Let me tell you this, though- there's NOTHING better than an immaculate sky, a crashing surf, ten of your best friends, AND Jesus (well, there was that one awesome week back in March, but for right now's purposes, just pretend I didn't swear then that nothing was better than Spring Break, which was really, really wonderful.) So, as I guess you've gathered despite that long, unfortunate case of parenthesis, I went to the beach last weekend. With my friends. More specifically, on a church retreat, which means we asked God to meet us there, and He surely did show up, people!
Can I tell you how it went down? No matter how many pictures I show you or how many synonyms of "awesome" I use to describe it, you won't get it, but because I'd like to remember this some day when I've forgotten, I will try my best.
I made a pit stop in Prattville for a night on Thursday, and that was just plain lovely. The real fun started Friday morning though, when Janie and I woke up earlier than we should've and put on our bathing suits and made ham sandwiches and and headed south with thoughts of sunbathing and sea salt dancing in our heads. We took THE most confusing route ever, but Stella, our conveniently-nearly-dead nav system, was a champ, and eventually, sunshine became a real deal possibility.
(notice effective use of the self timer yet again.)
What happened after that was pretty sweet: we went to a CVS and bought sunscreen and floaties and then we made a beeline to the sand. We laid down towels and we stayed that way for four hours, until we got thirsty. So, Internet, do you want to know what we did? We walked and walked- down the BEACH in the OCEAN- until we came to a nice hut that was not so hut like but more restaurant like and we sat ourselves down like we were adults and ordered something fruity and frozen that came with whipped cream and a cherry! Right there on the beach! Like we were actually adults! They called us ma'ms!
Some of us liked our fruity concoctions better than others, I guess.

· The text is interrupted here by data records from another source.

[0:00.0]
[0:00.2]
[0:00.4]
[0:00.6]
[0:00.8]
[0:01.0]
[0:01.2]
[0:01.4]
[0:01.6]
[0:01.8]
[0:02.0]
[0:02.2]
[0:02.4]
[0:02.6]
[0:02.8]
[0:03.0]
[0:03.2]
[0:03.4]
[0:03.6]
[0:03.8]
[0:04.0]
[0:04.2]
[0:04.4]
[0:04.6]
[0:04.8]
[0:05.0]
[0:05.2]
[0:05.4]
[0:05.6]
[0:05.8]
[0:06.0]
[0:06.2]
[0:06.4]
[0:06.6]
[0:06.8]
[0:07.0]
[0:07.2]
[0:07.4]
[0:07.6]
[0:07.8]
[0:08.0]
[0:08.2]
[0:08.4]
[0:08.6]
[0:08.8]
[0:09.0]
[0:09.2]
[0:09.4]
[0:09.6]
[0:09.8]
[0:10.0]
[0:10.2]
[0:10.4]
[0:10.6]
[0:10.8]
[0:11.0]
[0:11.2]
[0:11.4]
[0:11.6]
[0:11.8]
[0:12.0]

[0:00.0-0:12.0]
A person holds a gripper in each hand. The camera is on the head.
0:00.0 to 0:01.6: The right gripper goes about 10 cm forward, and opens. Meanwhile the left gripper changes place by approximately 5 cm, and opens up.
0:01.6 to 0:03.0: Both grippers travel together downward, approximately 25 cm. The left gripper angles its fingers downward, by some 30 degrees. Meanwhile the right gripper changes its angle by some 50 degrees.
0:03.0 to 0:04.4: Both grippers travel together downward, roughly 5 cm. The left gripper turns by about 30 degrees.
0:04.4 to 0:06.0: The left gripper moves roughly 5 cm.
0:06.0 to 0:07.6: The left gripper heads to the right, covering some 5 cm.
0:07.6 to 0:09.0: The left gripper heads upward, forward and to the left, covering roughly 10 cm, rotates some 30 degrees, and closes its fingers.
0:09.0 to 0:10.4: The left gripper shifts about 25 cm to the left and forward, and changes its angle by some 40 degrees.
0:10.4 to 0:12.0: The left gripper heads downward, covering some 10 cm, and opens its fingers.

So that was a nice, relaxing day and that is sort of where our pictures end because someone who is extra clumsy may or may not have dropped the camera (Sorry, Janie! I'll do what I can to rectify that!). But let me give you a recap our of Friday night. You will be jealous with a capital JEAL and a capital OUS.

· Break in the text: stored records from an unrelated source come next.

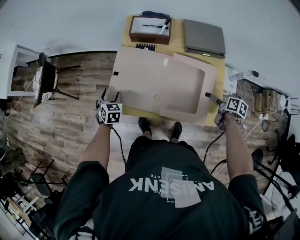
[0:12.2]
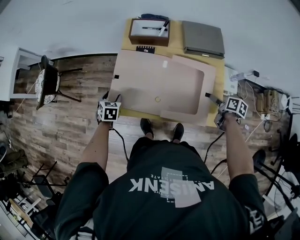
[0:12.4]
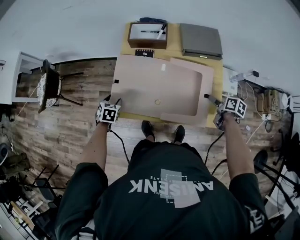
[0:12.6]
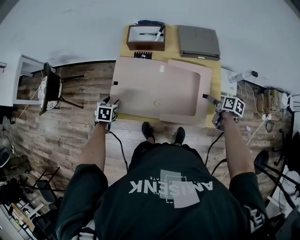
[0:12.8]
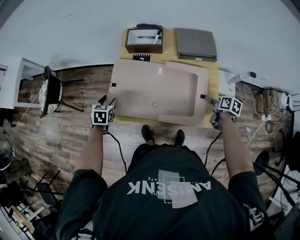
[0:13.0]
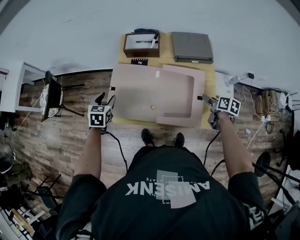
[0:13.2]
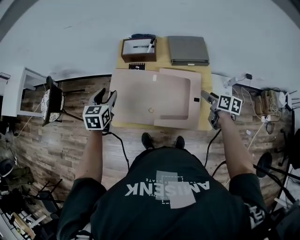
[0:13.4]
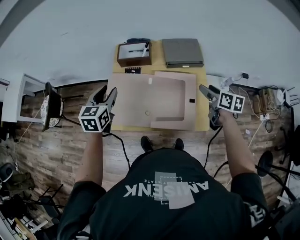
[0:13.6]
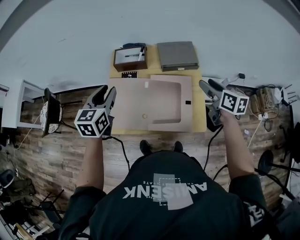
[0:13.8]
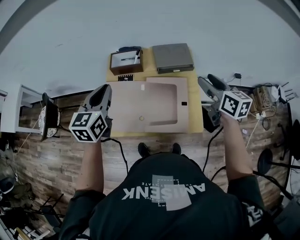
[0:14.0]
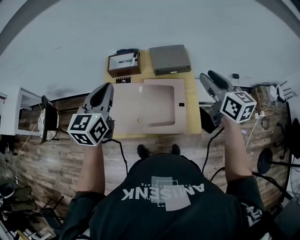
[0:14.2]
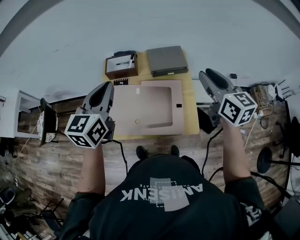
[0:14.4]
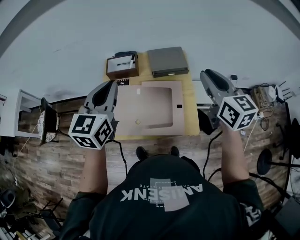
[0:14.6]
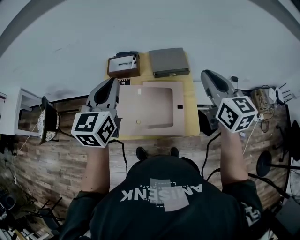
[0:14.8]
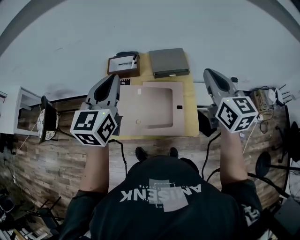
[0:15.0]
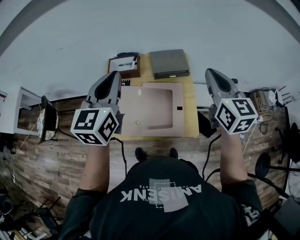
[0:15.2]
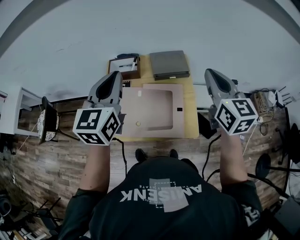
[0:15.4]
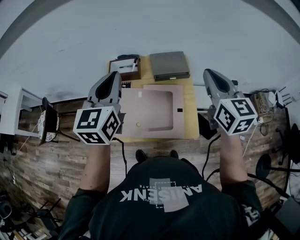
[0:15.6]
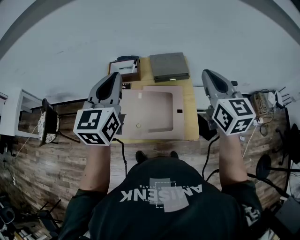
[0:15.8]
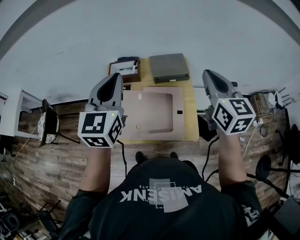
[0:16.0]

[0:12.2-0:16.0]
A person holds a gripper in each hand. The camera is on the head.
0:12.2 to 0:13.4: The left gripper moves upward and to the right, some 20 cm, and rotates about 20 degrees. The right gripper goes some 10 cm upward.
0:13.4 to 0:14.8: The right gripper goes approximately 30 cm upward, rotates about 50 degrees, and closes its fingers, while the left gripper shifts about 30 cm upward and to the right, swivels some 30 degrees, and closes up.
0:14.8 to 0:16.0: The grippers stay close to where they were, moving slightly.

8:30 p.m.: Feel certain that, after 3 hours of sleep, we may not make it past 9 p.m. This is a problem. Go to Starbucks.
10:00 p.m.: Participate in awe-inspiring worship.
11:30 p.m.: Be persuaded by friends to take a midnight walk on the beach.
12:00 a.m.: Arrive at suite 516 to pick up boys for midnight walk. Run out of gas.
12:10 a.m.: Decide that the BEST method of action would not be to get another car and drive to the gas station or even to walk to the gas station; no, the BEST action would be for 12 people to push the car to the gas station, crossing a 6 lane highway in the process.
12:15-12:22 a.m.: Follow above procedure.
12:30 a.m.: Wildly celebrate our success.
12:45a.m.- 1:30 a.m.: Hang out on the beach amid some confusion about who is there and who isn't. Decide to go home. But alas! There are 11 people! And one car! One five-passenger- two- door car! WHAT TO DO?
1:30 a.m.: Pile 11 people in said car. Rather uncomfortably.
1:32 a.m.: Get pulled over by kind, amused, albeit taken aback, cop who insists that while he pulled us over for a missing headlight, we indeed must all climb out of the car, where he proceeds to count (one, two, three...ELEVEN? ELEVEN PEOPLE?). He lets us go if we promise to take multiple trips to get everyone home.
2:00 a.m.: Sweet dreams about the most wonderful friends on this whole planet.
Because I realize this is quite possibility winning me an award for longest blog post ever, I will wrap it up: There was spaghetti and splotchy sunburn and sand in places that sand shouldn't be and beach walks and-best of all- and incredible message on what it means to walk with God. There was one on one conversation and kneeling and healing with the creator of the universe. There were tears and hugs and the resewing of bonds that had been tattered by busy lives. I'd like to challenge the rest of 2010 to show me a better weekend, thank you very much.
*I almost forgot! The mystery of the missing underwear! I managed to lose EIGHT pairs of underwear. Now, I realize that eight is a lot of underwear to bring to a weekend getaway; call me paranoid, but I like to be prepared (my defense is that you usually shower a lot at the beach...). Anywho, I dumped out all of this underwear on the floor in a hurry and used the bag as my beach bag. Later, everything else was there EXCEPT my underwear. Right there where I left it. Except beds were made up and towels had been collected- and my underwear was MISSING. We searched under beds and in the closets and truthfully, I thought it would show up in one of our bags, but the bags have been unpacked and I am still missing eight pairs of underwear it. If you see them, tell them I'm looking for them.